Unrequited, A Lesson












superlatively rude



I went to bed making notes about him on my
phone and when I woke up he’d emailed, because the universe has a funny sense
of humour that way. He wanted photographs of when he stayed with me, last
summer. He didn’t apologise for how long it had been since we last spoke –
since he broke off contact because I threw him out of my house, because I was in love with him and I couldn’t pretend any more.





After
all this time,
I said, you email about… photographs?





He snapped at me, but I am stronger now. I
don’t bend to his will like I used to. I don’t contort myself into shapes that
put him at ease. He is a lesson I have carried with me since it happened. From him I
learned that I do not have to demonstrate my capacity for love by losing myself
in it. By giving everything I have even if they don’t (especially if they
don’t), by going ninety percent to another’s ten. From him I learned I am worthy
of being met halfway, and I wouldn’t trade a single thing, not one iota of hurt
or embarrassment or humiliation that happened, for that knowledge.





I’ve
been worried,
I said. I’m coming to Rome for the summer and I’m terrified I will bump into
you and do it wrong.





Don’t
worry,
he said. I’m
not in Rome anymore. Can I have the photos or not?
It’s not a problem if I can’t. Whatever.






I didn’t respond, because you can’t elbow
your way into my thoughts that way and shit all over them. Don’t we deserve to figure this out? I’d written, to which he said,
Well I have my version of what happened,
and you had yours, apparently.
I wasn’t going to let him start a
conversation engineered mostly to tell me I was wrong. Not like this. There
couldn’t be any sense of resolve like this, and he didn’t seem like he wanted
any resolution at all.





Deleting that email was a win. With him I
couldn’t ever think, only feel. I have one friend, in particular, who I still
don’t think has forgiven me for losing my head, myself, in the way that I did
with him, but I am clear as tropical water now. I read somewhere recently that
we shouldn’t ever pick a guy based on how he makes us feel when we’re with him,
but on how he makes us feel when we’re not. And when we weren’t together he
didn’t call. Didn’t text. Didn’t make me feel how he did when we were, indeed,
together – and I’ll be damned if that isn’t an important lesson too.





I'd adored him for four years and finally admitted it last summer, in Rome. He
came to London afterwards for the month. We were to return to Rome in
the September – I’d picked up a few weeks’ teaching work, and as a teacher he had to begin the school year - but by then it had
all unraveled. I’ve never demonstrated physical symptoms of an internal pain
like I did then, coming back without him. My colleagues let me drink too much
and talk about it too much and then I got a new haircut and a tattoo and left
without hearing from him, not so much really sad as really empty. Defeated by
it.





I put my pieces back together, slowly, with generous help from the people who love me - and I knew (declared) I’d never be the
same as I was before. When I put my
self back together – a hard, arduous task in matters of love at all, but
unrequited love is a particularly piercing breed of pain – I did it so that I
would be stronger. Changed for it, but not afraid. I think I was so devastated
because I looked in the mirror for a horribly confronting long time to see how
I was responsible for what had happened. 
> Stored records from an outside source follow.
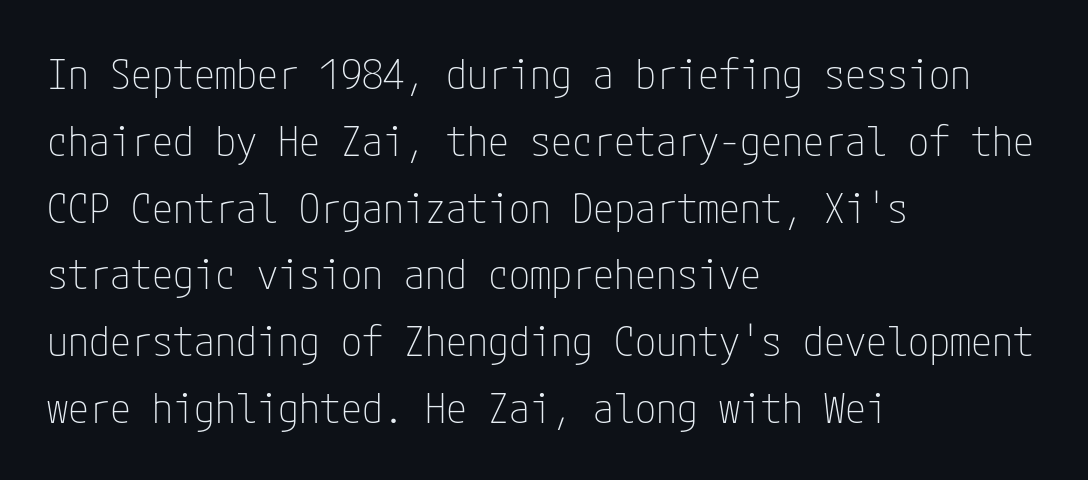
The image shows 42 px thin, condensed sans-serif type, upright; set left-aligned, normal line spacing (1.59x), normal letter spacing, not underlined; low stroke contrast and a medium x-height.
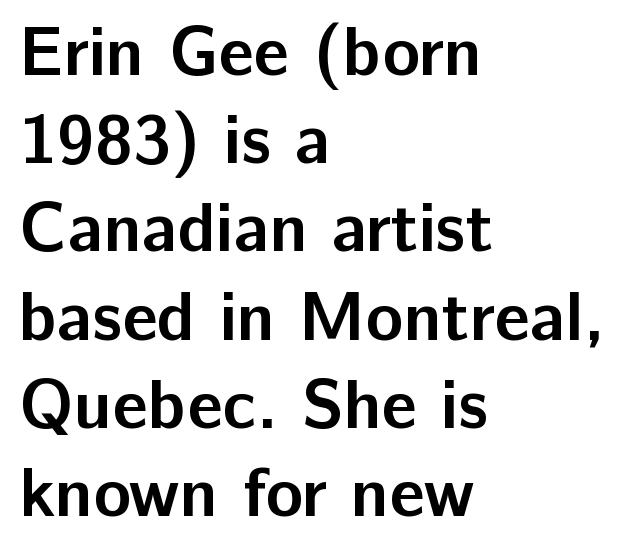
Look at the bottom of the vertical strokes: they stop flat, with no serifs. Posture: vertical. The lines are quadded left. A typesetter would call this proportional, since set widths differ per character. The vertical gap from one line to the next is medium. The tracking reads as untouched default to a designer's eye.
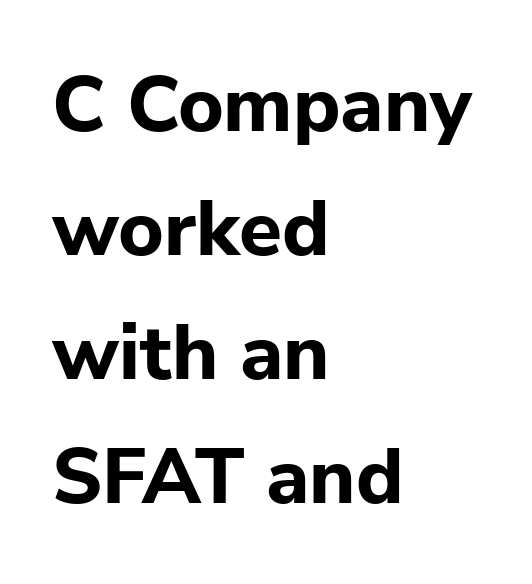
{"serif": "no", "italic": "no", "bold": "yes", "weight": "bold", "width": "normal", "stroke_contrast": "low", "x_height": "medium", "monospaced": "no", "underline": "no", "align": "left", "line_spacing": "normal", "line_spacing_ratio": 1.59, "letter_spacing": "normal", "letter_spacing_em": 0.0, "glyph_px": 78}
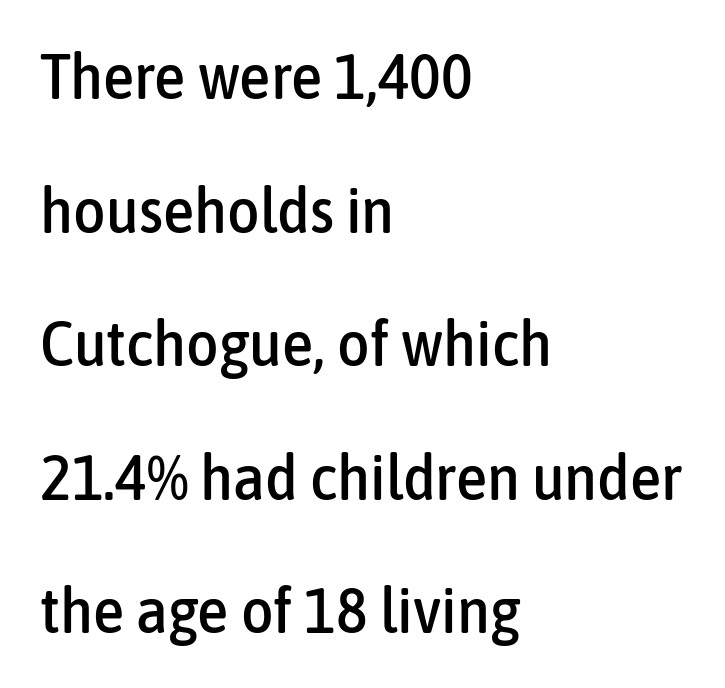
{"serif": "no", "italic": "no", "width": "condensed", "stroke_contrast": "low", "x_height": "medium", "monospaced": "no", "underline": "no", "align": "left", "line_spacing": "loose", "line_spacing_ratio": 2.12, "letter_spacing": "normal", "letter_spacing_em": 0.0, "glyph_px": 63}
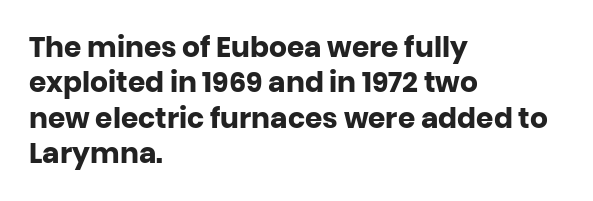
Inter-character spacing is left at the font's built-in metrics. Each line starts at the same left margin while the right side varies. Baseline-to-baseline distance is the conventional proportion of letter height. Grotesque or geometric, the face here clearly has no serifs.
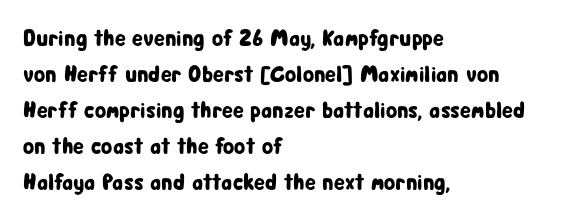
The passage shown has conventional tracking throughout. The axis of the letterforms is exactly vertical. In CSS terms this would be text-align: left. The area under the type is left untouched.
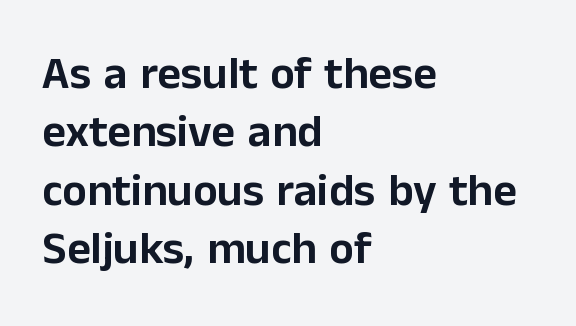
{"serif": "no", "italic": "no", "width": "normal", "stroke_contrast": "low", "x_height": "medium", "monospaced": "no", "underline": "no", "align": "left", "line_spacing": "normal", "line_spacing_ratio": 1.27, "letter_spacing": "normal", "letter_spacing_em": 0.0, "glyph_px": 46}

He didn’t take everything – I gave him
everything. 




That’s on me. 



I don’t know if that makes it easier or harder.





Mine was
a love based on conditions. My conditions. I promised him I would love him forever, even if only as a
friend, and that was never true. I would love him forever for as long as there
was the tiniest glimmer of hope that one day he would feel the same. And he did
love me, in his own way. I got mad, frustrated, confused as all hell that he
didn’t manifest that in the way I expected him to, though, needed him to, and
that’s where the trouble was.






















































The trouble is that I lied to myself. When he emailed, I couldn't lie to myself again.